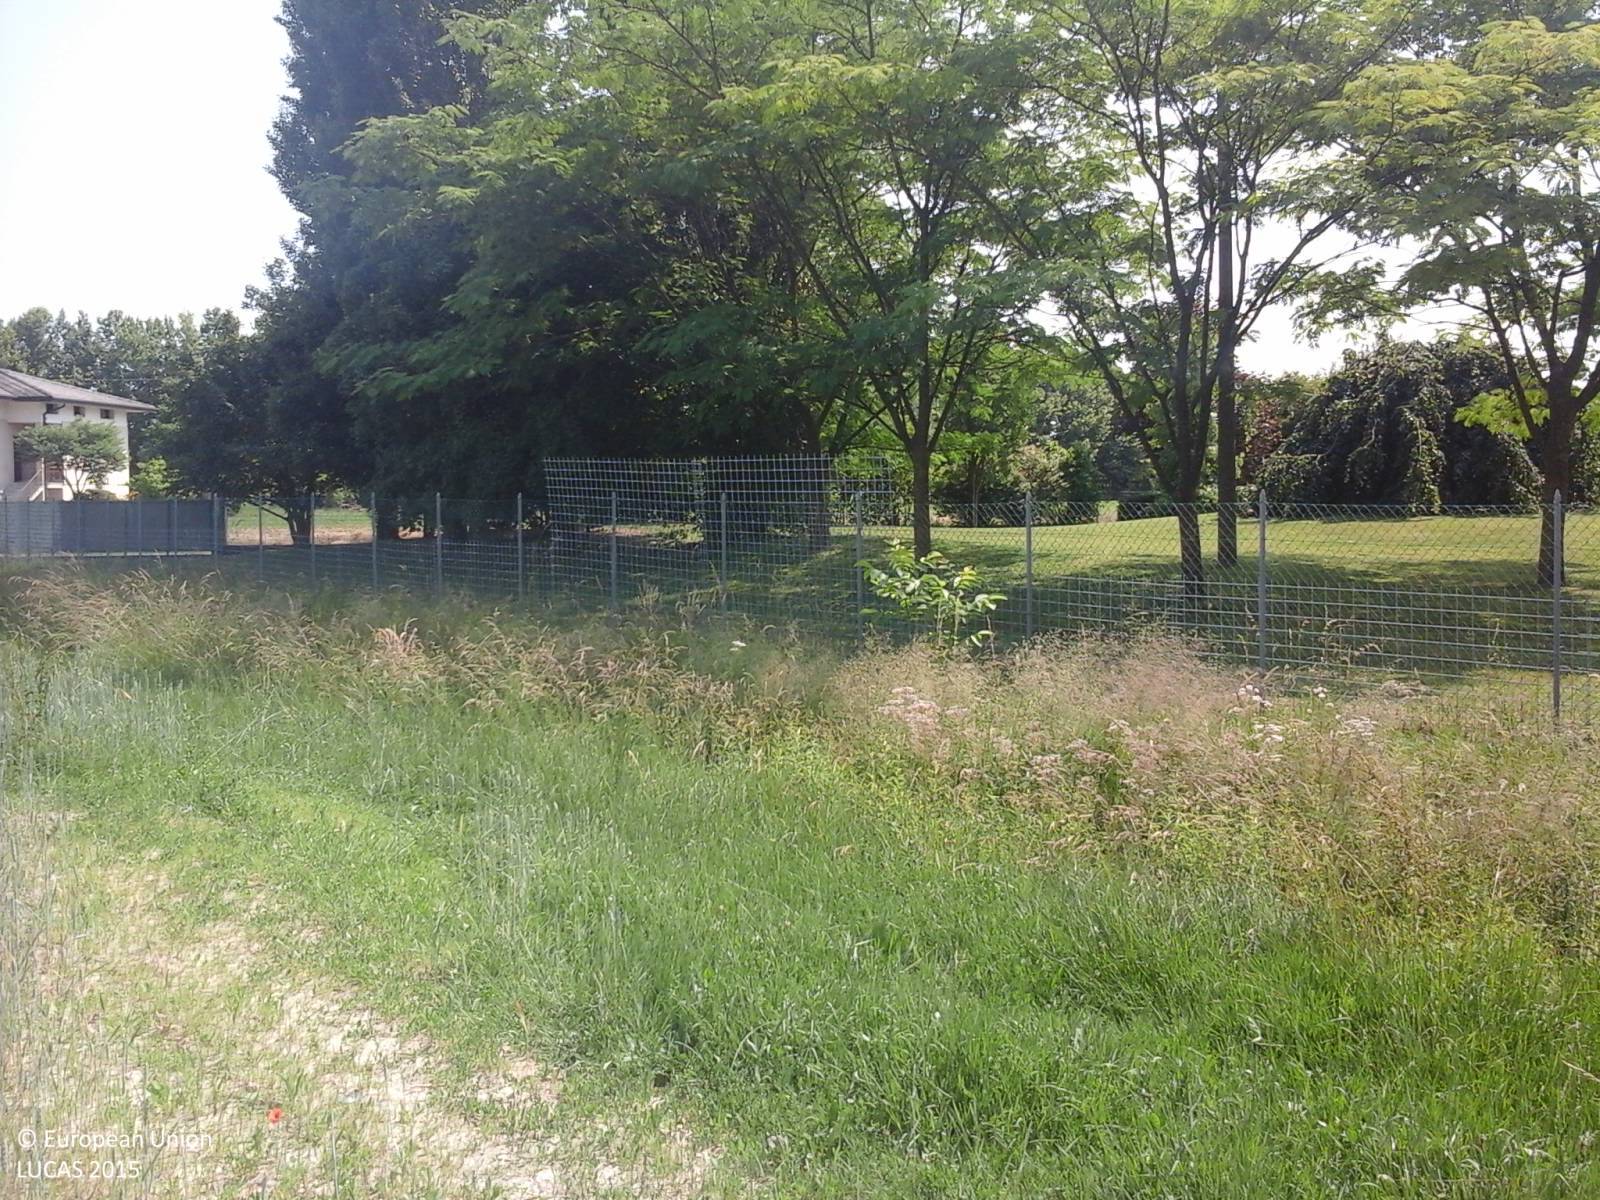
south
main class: Cropland
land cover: Common wheat
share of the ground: > 75 %
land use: Agriculture (excluding fallow land and kitchen gardens)
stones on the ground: < 10 %
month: June
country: IT
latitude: 45.8886
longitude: 12.5353
#####
__INSTRUCTIONS TO FOLLOW__: Print exactly the stretch of lines beginning with the one that holds "land cover: Common wheat" and ending at the last line above.

__REPLY__:
land cover: Common wheat
share of the ground: > 75 %
land use: Agriculture (excluding fallow land and kitchen gardens)
stones on the ground: < 10 %
month: June
country: IT
latitude: 45.8886
longitude: 12.5353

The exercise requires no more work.